Conseils : ration d'attente une demi-heure avant le match et ration de mi-temps ( eau à température ambiante + sucre + sel + vitamine ; pâtes de fruits, fruits secs, boissons chaudes sucrées ).

 

Les sports d'endurance :

Cyclisme sur route, alpinisme, ski de fond, natation de fond, jogging, randonnée à pied, canoë-kayak...

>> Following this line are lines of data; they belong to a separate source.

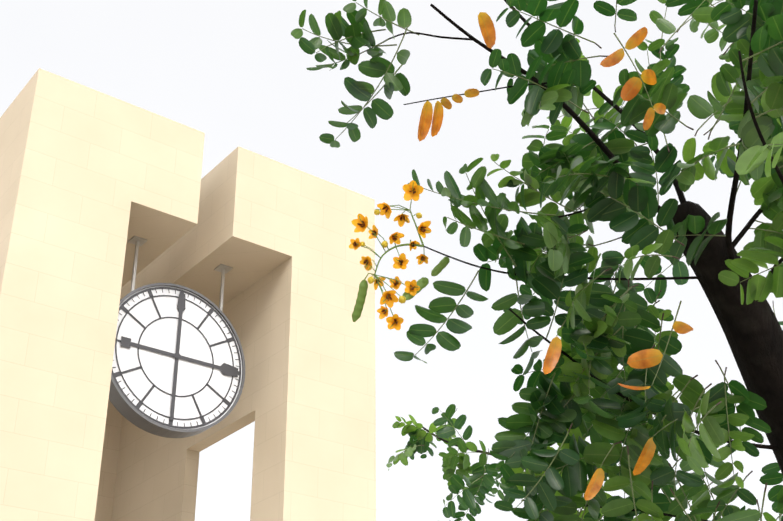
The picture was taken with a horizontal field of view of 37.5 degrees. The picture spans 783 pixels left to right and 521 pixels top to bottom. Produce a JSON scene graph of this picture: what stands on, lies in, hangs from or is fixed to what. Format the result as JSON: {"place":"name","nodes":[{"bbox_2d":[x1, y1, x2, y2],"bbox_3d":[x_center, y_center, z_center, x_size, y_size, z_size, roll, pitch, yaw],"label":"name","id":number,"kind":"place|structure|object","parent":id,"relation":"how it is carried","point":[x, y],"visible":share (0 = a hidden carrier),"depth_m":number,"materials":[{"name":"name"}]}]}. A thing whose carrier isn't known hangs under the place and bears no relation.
{"place":"outdoors","nodes":[
{"label":"outdoors","id":0,"kind":"place"},
{"bbox_2d":[0,0,782,520],"label":"sky","id":1,"kind":"structure","parent":0,"point":[233,72],"materials":[{"name":"white"}]},
{"label":"ground","id":2,"kind":"structure","parent":0,"visible":0},
{"bbox_2d":[0,68,375,520],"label":"clock tower","id":3,"kind":"structure","parent":2,"relation":"on","point":[93,182],"depth_m":22.75,"materials":[{"name":"beige concrete"}]},
{"bbox_2d":[109,283,244,437],"bbox_3d":[-4.342,1.956,22.864,3.104,3.104,0.416,20,-35,-32],"label":"tower clock","id":4,"kind":"object","parent":3,"relation":"attached to","point":[178,368],"visible":0.94,"depth_m":22.69,"materials":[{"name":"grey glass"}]},
{"bbox_2d":[128,235,232,310],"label":"clock support rods","id":5,"kind":"object","parent":3,"relation":"attached to","point":[137,242],"visible":0.79,"depth_m":23.49,"materials":[{"name":"grey metal"}]},
{"bbox_2d":[389,0,782,520],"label":"tree trunk and limbs","id":6,"kind":"object","parent":2,"relation":"on","point":[753,331],"visible":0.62,"depth_m":1.70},
{"bbox_2d":[349,180,449,329],"bbox_3d":[-0.001,0.001,1.495,0.123,0.168,0.135,-10,-30,16],"label":"flower cluster","id":7,"kind":"object","parent":6,"relation":"attached to","point":[412,189],"visible":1,"depth_m":1.49,"materials":[{"name":"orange plant"}]},
{"bbox_2d":[291,0,782,520],"bbox_3d":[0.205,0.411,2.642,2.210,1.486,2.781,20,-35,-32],"label":"tree","id":8,"kind":"object","parent":6,"relation":"attached to","point":[555,492],"depth_m":1.56,"materials":[{"name":"green plant"}]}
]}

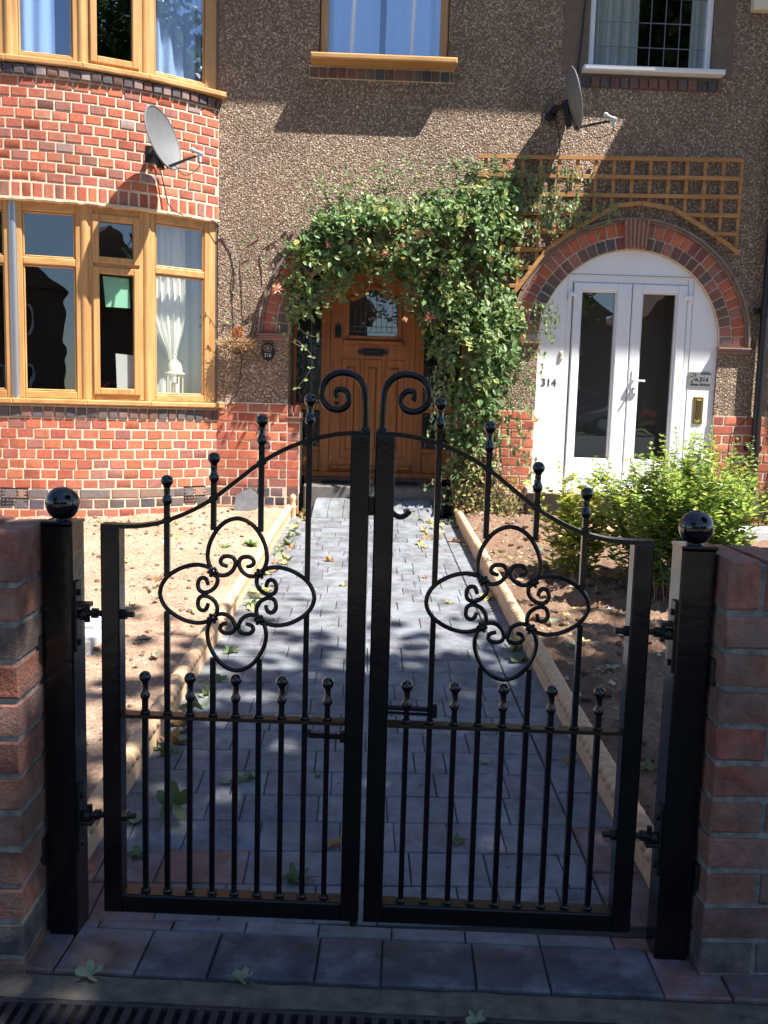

L'organisme puise beaucoup dans ses réserves.

Conseils : petit déjeuner très copieux, alimentation régulière et raisonnable pendant l'effort ( riz au lait, gruyère, fruits secs et biscuits secs... ). Si les épreuves durent plusieurs jours, le soir, il faut non seulement désintoxiquer l'organisme mais aussi le préparer pour le lendemain. Le dîner sera alors riche en glucides ( riz ou pâtes ) , en protéines ( viande et fromage ) , en calcium (  lait ou fromage ) et en lipides ( viande, beurre frais, huile d'assaisonnement ).

 

Temps froid et sports de glisse :

Le froid et l'altitude invitent simplement ... à manger et à boire plus !  En montagne, la sécheresse de l'air s'ajoute à l'effort physique, et il faut combattre la déshydratation par de l'eau et des boissons chaudes. Il ne faut pas craindre non plus un petit supplément de calories. Privilégier le petit déjeuner du matin ( pain, beurre, produits laitiers, fruits ) et le dîner de récupération ( pâtes au gratin, riz au lait... ) , en particulier pour faire le plein de glucides et éviter ainsi fatigue et coup de barre. Dans la journée, penser aux nourritures énergétiques comme les fruits secs.

 

Et sur une planche à voile ?

Sur planche ou dériveur, pour toutes les disciplines de voile olympiques, difficile de se nourrir quand on se cramponne face à la vague ! D'où l'intérêt des repas que l'on prend avant et après. Petit déjeuner copieux, avec pain, beurre, produits laitiers, fruits et boissons chaudes... Ration d'attente si nécessaire avec boissons énergétiques et fruits secs.  Ration de récupération avec eau et yaourt aux fruits. Repas du soir reconstituant avec féculents et légumes, poisson ou viande blanche, fromage ou laitage, fruit. Pour éviter les pertes préjudiciables à l'organisme, en particulier celles de minéraux comme le calcium, les produits laitiers jouent un rôle de premier plan.

 

 

 


 CONCLUSION:

 

Les muscles ont besoin d'énergie pour fonctionner. Cette énergie indispensable à l'activité physique proviens de l'alimentation. Une alimentation équilibrée couvre à la fois les besoins quantitatifs (énergétiques) et les besoins qualitatifs (en substances indispensables).

Ce qui est fondamental, c'est la nutrition à long terme qui maintient le sportif en bonne santé, couvre ses dépenses énergétiques, facilite sa récupération. L'alimentation au cours de l'effort limite la déshydratation et retarde la baisse des réserves de glycogène.